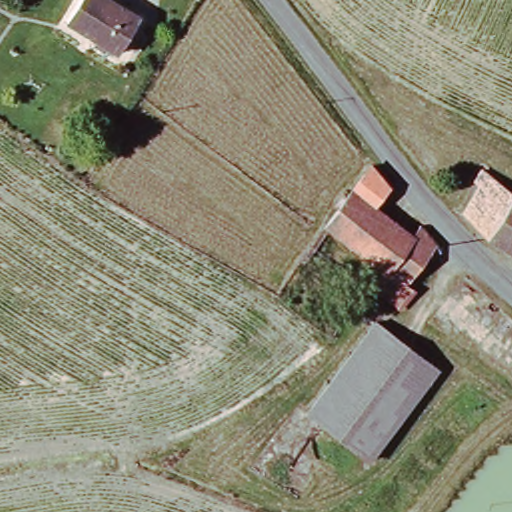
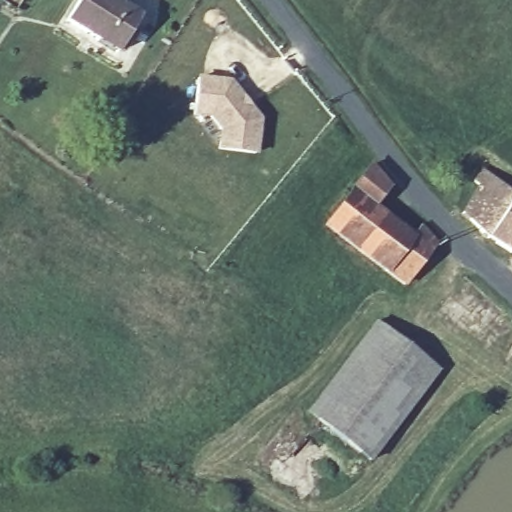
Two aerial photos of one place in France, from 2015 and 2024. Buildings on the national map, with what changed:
unchanged [(66,21),(79,0),(109,0),(139,18),(118,53),(66,21)]
new [(198,80),(228,84),(258,120),(254,154),(216,150),(195,117),(198,80)]
unchanged [(410,235),(420,223),(437,242),(405,284),(326,223),(373,165),(390,185),(375,206),(410,235)]
unchanged [(462,216),(482,189),(476,185),(482,177),(512,197),(512,254),(462,216)]
unchanged [(392,301),(405,284),(415,290),(401,309),(392,301)]
unchanged [(371,459),(309,413),(376,322),(438,368),(371,459)]

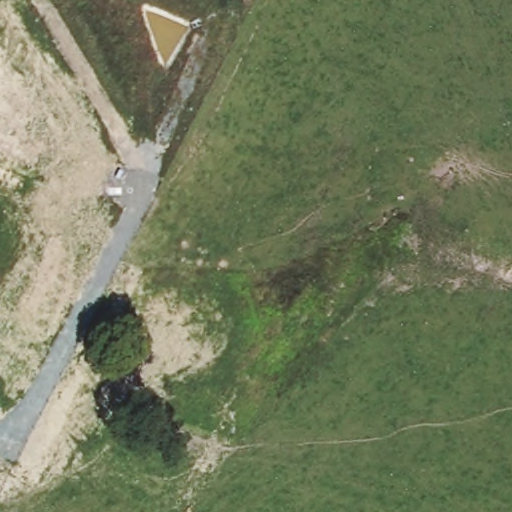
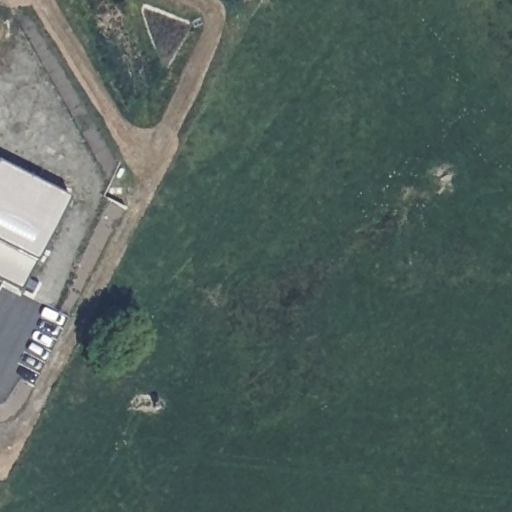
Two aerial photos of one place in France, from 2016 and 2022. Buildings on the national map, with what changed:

:::::

Without copying the pictures, transcribe the entries exactly.

Two aerial photos of one place in France, from 2015 and 2024. Buildings on the national map, with what changed:
unchanged [(66,21),(79,0),(109,0),(139,18),(118,53),(66,21)]
new [(198,80),(228,84),(258,120),(254,154),(216,150),(195,117),(198,80)]
unchanged [(410,235),(420,223),(437,242),(405,284),(326,223),(373,165),(390,185),(375,206),(410,235)]
unchanged [(462,216),(482,189),(476,185),(482,177),(512,197),(512,254),(462,216)]
unchanged [(392,301),(405,284),(415,290),(401,309),(392,301)]
unchanged [(371,459),(309,413),(376,322),(438,368),(371,459)]

Two aerial photos of one place in France, from 2016 and 2022. Buildings on the national map, with what changed:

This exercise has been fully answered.